Затем сознание мое стало постепенно проясняться, но слабость, изнурившая тело, осталась, наполняя мою душу чувством безысходности и жалостью к себе. Помню одну ночь: я лежала без сна, слабая до того, что руку поднять было трудно. Даже позвать санитарку и попросить воды не было сил. Моя кровать стоит близко к окну, и я вижу в нем далекие, кажущиеся холодными звезды на темном небе. Как будто сама ночь заглянула ко мне в окно своим безразличным, отрешенным от нашей действительности, ледяным взглядом. Что ей наша жизнь, когда у нее во владении весь мир? Лежу на спине, чувствуя через тонкий старый матрас все ребра моей продавленной кровати, и себе думаю, какая я несчастная: ни семьи, ни родных, никто не склонится надо мной, чтобы дать воды или сказать ласковое слово. А вот помру, так никто и не узнает, не пожалеет обо мне. Никто не придет на мою могилу и не поплачет, что меня уже нет. Как о полене, сгоревшем в печи и превратившемся в кучку золы. Ее вымели оттуда, выбросили за дверь, а ветер развеял по кустам крапивы и бурьяна. И всё кончилось, даже следа не осталось…

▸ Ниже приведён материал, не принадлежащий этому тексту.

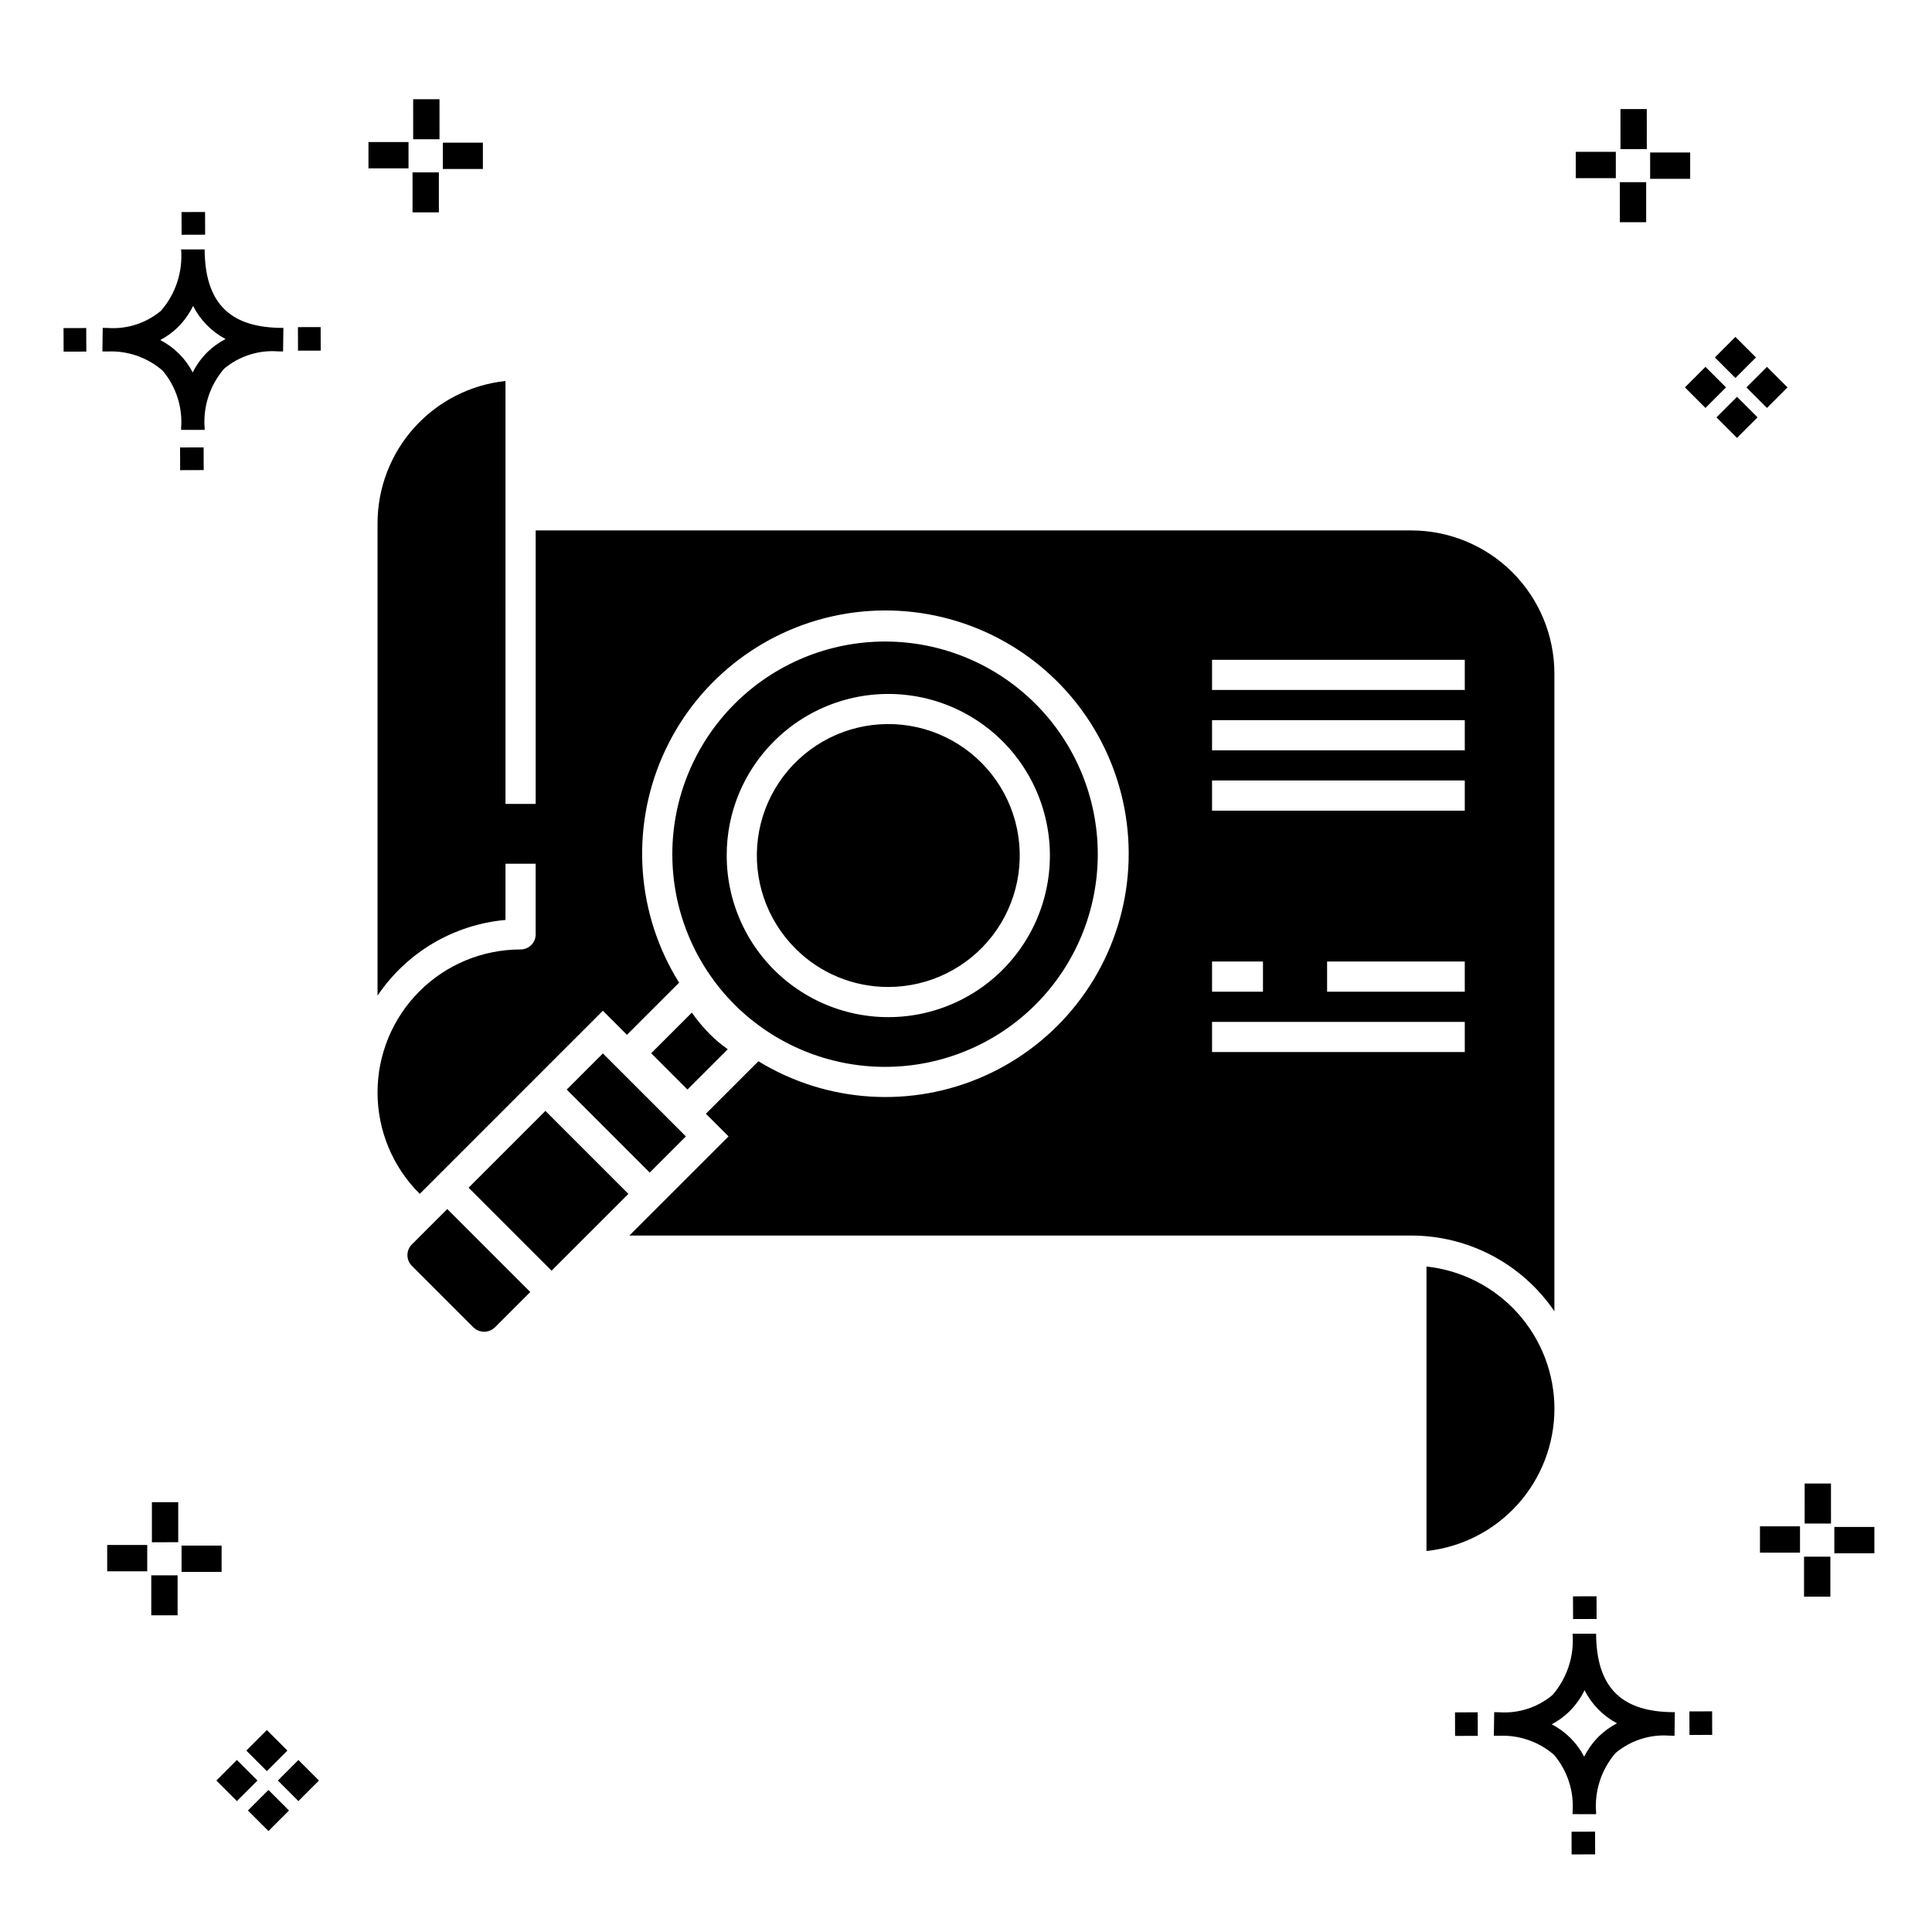 <?xml version="1.0" encoding="UTF-8"?>
<!-- Uploaded to: ICON Repo, www.svgrepo.com, Generator: ICON Repo Mixer Tools -->
<svg fill="#000000" width="800px" height="800px" version="1.1" viewBox="144 144 512 512" xmlns="http://www.w3.org/2000/svg">
 <g>
  <path d="m197.96 262.56 0.02 6.016-6.238 0.02-0.02-6.016zm19.738-31.68c0.434 0.023 0.93 0.008 1.402 0.02l-0.082 6.238c-0.449 0.008-0.93-0.004-1.387-0.02v-0.004c-5.172-0.379-10.285 1.277-14.254 4.617-3.746 4.352-5.598 10.023-5.141 15.75v0.449l-6.238-0.016v-0.445c0.434-5.535-1.328-11.02-4.914-15.262-4.047-3.504-9.285-5.316-14.633-5.055h-0.004c-0.434 0-0.867-0.008-1.312-0.02l0.09-6.238c0.441 0 0.879 0.008 1.309 0.02h-0.004c5.129 0.375 10.203-1.266 14.148-4.566 3.879-4.484 5.797-10.34 5.32-16.254l6.238 0.008c0.074 13.766 6.266 20.395 19.461 20.777zm-13.922 2.969h-0.004c-3.703-1.969-6.707-5.031-8.602-8.773-1.043 2.148-2.453 4.098-4.164 5.762-1.352 1.301-2.879 2.406-4.539 3.277 3.691 1.902 6.699 4.902 8.609 8.586 1.004-2.019 2.336-3.856 3.945-5.438 1.41-1.363 3.008-2.516 4.75-3.414zm-42.938-2.898 0.02 6.238 6.016-0.016-0.02-6.238zm68.137-0.273-6.019 0.016 0.02 6.238 6.019-0.016zm-30.609-24.484-0.02-6.016-6.238 0.02 0.02 6.016zm405.96 42.965 5.445 5.445-5.445 5.445-5.445-5.445zm7.941-7.941 5.445 5.445-5.445 5.445-5.445-5.445zm-16.301 0 5.445 5.445-5.445 5.445-5.445-5.445zm7.941-7.941 5.445 5.445-5.441 5.449-5.445-5.445zm-11.992-41.891h-10.613v-6.977h10.613zm-19.707-0.168h-10.613v-6.977h10.613zm8.043 11.668h-6.977v-10.602h6.977zm0.168-19.375h-6.977l-0.004-10.613h6.977zm-308.45 5.273h-10.617v-6.977h10.617zm-19.707-0.168h-10.617v-6.977h10.613zm8.043 11.664h-6.977l-0.004-10.598h6.977zm0.168-19.375h-6.977l-0.004-10.613h6.977zm300 448.52 0.02 6.016 6.238-0.02-0.02-6.016zm25.977-31.699c0.438 0.023 0.93 0.008 1.402 0.02l-0.082 6.238c-0.449 0.008-0.93-0.004-1.387-0.02-5.172-0.379-10.289 1.277-14.254 4.617-3.75 4.352-5.602 10.023-5.144 15.75v0.449l-6.238-0.016v-0.445c0.438-5.539-1.328-11.023-4.91-15.266-4.047-3.504-9.289-5.312-14.633-5.051h-0.004c-0.434 0-0.867-0.008-1.312-0.02l0.09-6.238c0.441 0 0.879 0.008 1.309 0.02h-0.004c5.129 0.371 10.203-1.266 14.145-4.566 3.879-4.484 5.797-10.34 5.32-16.254l6.238 0.008c0.074 13.762 6.266 20.395 19.461 20.773zm-13.922 2.969-0.004 0.004c-3.703-1.969-6.707-5.031-8.602-8.773-1.043 2.148-2.453 4.098-4.168 5.762-1.352 1.301-2.879 2.406-4.539 3.277 3.691 1.902 6.699 4.898 8.609 8.586 1.004-2.019 2.34-3.859 3.945-5.438 1.41-1.363 3.012-2.516 4.754-3.414zm-42.938-2.898 0.02 6.238 6.016-0.016-0.02-6.238zm68.137-0.273-6.019 0.016 0.02 6.238 6.019-0.016zm-30.609-24.48-0.02-6.016-6.238 0.02 0.02 6.016zm73.609-17.414-10.613 0.004v-6.977h10.613zm-19.707-0.164h-10.613v-6.977h10.613zm8.043 11.664h-6.977v-10.598h6.977zm0.168-19.375h-6.977l-0.004-10.613h6.977zm-414.09 70.602 5.445 5.445-5.445 5.445-5.445-5.445zm7.941-7.941 5.445 5.445-5.445 5.445-5.445-5.445zm-16.301 0 5.445 5.445-5.445 5.445-5.445-5.445zm7.941-7.941 5.445 5.445-5.445 5.445-5.445-5.445zm-11.996-41.895h-10.613v-6.973h10.613zm-19.707-0.164h-10.613v-6.977h10.613zm8.043 11.664h-6.977v-10.598h6.977zm0.168-19.375-6.977 0.004v-10.617h6.977z"/>
  <path d="m418.41 410.25c10.57-10.574 16.512-24.914 16.512-39.863 0-14.953-5.938-29.293-16.512-39.863-10.57-10.574-24.91-16.512-39.863-16.512-14.949 0-29.289 5.938-39.863 16.512-10.57 10.57-16.512 24.91-16.512 39.863 0 14.949 5.941 29.289 16.516 39.863 10.578 10.555 24.914 16.48 39.859 16.48 14.945 0 29.281-5.926 39.863-16.48zm-69.285-69.801v-0.004c9.414-9.414 22.672-13.914 35.871-12.176 13.203 1.734 24.844 9.516 31.5 21.047s7.574 25.5 2.477 37.801c-5.094 12.301-15.621 21.535-28.48 24.98-12.863 3.445-26.594 0.711-37.156-7.394s-16.758-20.664-16.754-33.98c-0.031-11.359 4.484-22.266 12.543-30.277zm-45.352 82.719 21.996 21.992-9.586 9.586-21.996-21.996zm-15.238 15.234 21.992 21.992-20.352 20.348-21.992-21.992zm-26.004 26.004 21.992 21.992-9.387 9.387c-1.582 1.516-4.074 1.516-5.656 0l-16.336-16.336c-0.75-0.75-1.172-1.766-1.172-2.828 0-1.059 0.422-2.078 1.172-2.828zm293.41 52.934c-0.012 9.359-3.481 18.383-9.738 25.344-6.258 6.957-14.867 11.355-24.172 12.355v-75.395c9.305 0.996 17.914 5.398 24.172 12.355 6.258 6.957 9.727 15.98 9.738 25.34zm-239.37-94.215 10.777-10.773c1.438 2.07 3.062 4.008 4.848 5.793 1.441 1.438 3.008 2.746 4.676 3.914l-10.688 10.68zm38.207-27.77c-7.66-7.656-11.324-18.441-9.91-29.18 1.41-10.738 7.738-20.211 17.117-25.625 9.379-5.418 20.746-6.164 30.754-2.019 10.004 4.144 17.516 12.707 20.32 23.168 2.801 10.465 0.578 21.633-6.016 30.227s-16.809 13.629-27.637 13.629c-9.242 0.023-18.109-3.648-24.629-10.199zm163.25-110.79h-232.07v72.48h-7.996l-0.004-112.08c-9.305 0.996-17.914 5.394-24.172 12.355-6.258 6.957-9.727 15.98-9.734 25.34v125.2c7.703-11.457 20.16-18.828 33.906-20.066v-14.895h7.996v18.719h0.004c0 1.062-0.422 2.078-1.172 2.828s-1.766 1.172-2.828 1.172c-10.066-0.004-19.719 3.996-26.832 11.117-7.109 7.125-11.098 16.785-11.074 26.848 0.02 10.066 4.043 19.711 11.184 26.805l48.531-48.531 6.379 6.379 13.82-13.816 0.004-0.004c-11.27-18.031-12.922-40.465-4.418-59.953 8.508-19.492 26.074-33.535 46.961-37.535s42.398 2.555 57.508 17.52c15.105 14.969 21.859 36.422 18.055 57.34-3.805 20.922-17.684 38.621-37.094 47.309-19.41 8.688-41.855 7.246-59.992-3.856l-13.918 13.914 6 6-26.281 26.277 207.23 0.004c15.176 0.004 29.367 7.516 37.91 20.059v-169.02c-0.012-10.051-4.012-19.688-11.117-26.793-7.106-7.106-16.742-11.102-26.793-11.113zm-52.824 114.25h13.496v7.996h-13.496zm66.977 23.992h-66.977v-7.996h66.977zm0-15.992-36.488-0.004v-7.996h36.484zm0-47.98h-66.977v-7.996h66.977zm0-15.992h-66.977v-7.996h66.977zm0-15.992h-66.977v-7.996h66.977z"/>
 </g>
</svg>

Глаза мои наполнились невольными слезами от жалости к самой себе и всей своей жизни, и я заснула. Сон мой был в эту ночь долгим и глубоким. Когда же я проснулась, то сама поняла, что пошла на поправку. Но эта ночь и мои слезы по себе самой запомнились мне на всю жизнь.
Тот пацанчик, за которым усатый милиционер просил меня приглядывать, оказался в другом бараке и работал на добыче, в самой мокроте. Мы с ним виделись только на завтраке. Я всегда к нему подсаживалась и спрашивала, как дела. Он сначала дичился, а потом привык ко мне, и мы подружились. Он был хороший мальчик, звали его Кирюхой. Я ему советовала, что слышала от бывалых работниц. Он жил в бараке с женщинами, и они его то подразнивали, то смущали своими телесами. Он мне рассказывал о маме, о том, что пишет после работы ей письма, но почты нет, поэтому он их складывает в стопочку, чтобы потом отдать. Он рассказывал и про того усатого: его зовут дядя Семён, он очень помогал им с мамой и маленькой сестричкой, когда приехал с фронта. Он видел, как папка погиб…
Я прикипела к этому пареньку, к его наивности и доброте.
Как-то раз, уже через пару-тройку месяцев после приезда, случилось так, что мы с напарницей оказались около нашего дома днем. Мы работали недалеко. И вдруг я вижу знакомую фигуру в милицейской шинели. Я побежала скорее в Кирюхин барак, нашла его письма и бегом обратно на площадь. Вижу, машина уже разворачивается, чтобы уехать. Я бегу со всех ног, кричу: «Стойте!» – и машу на бегу письмами.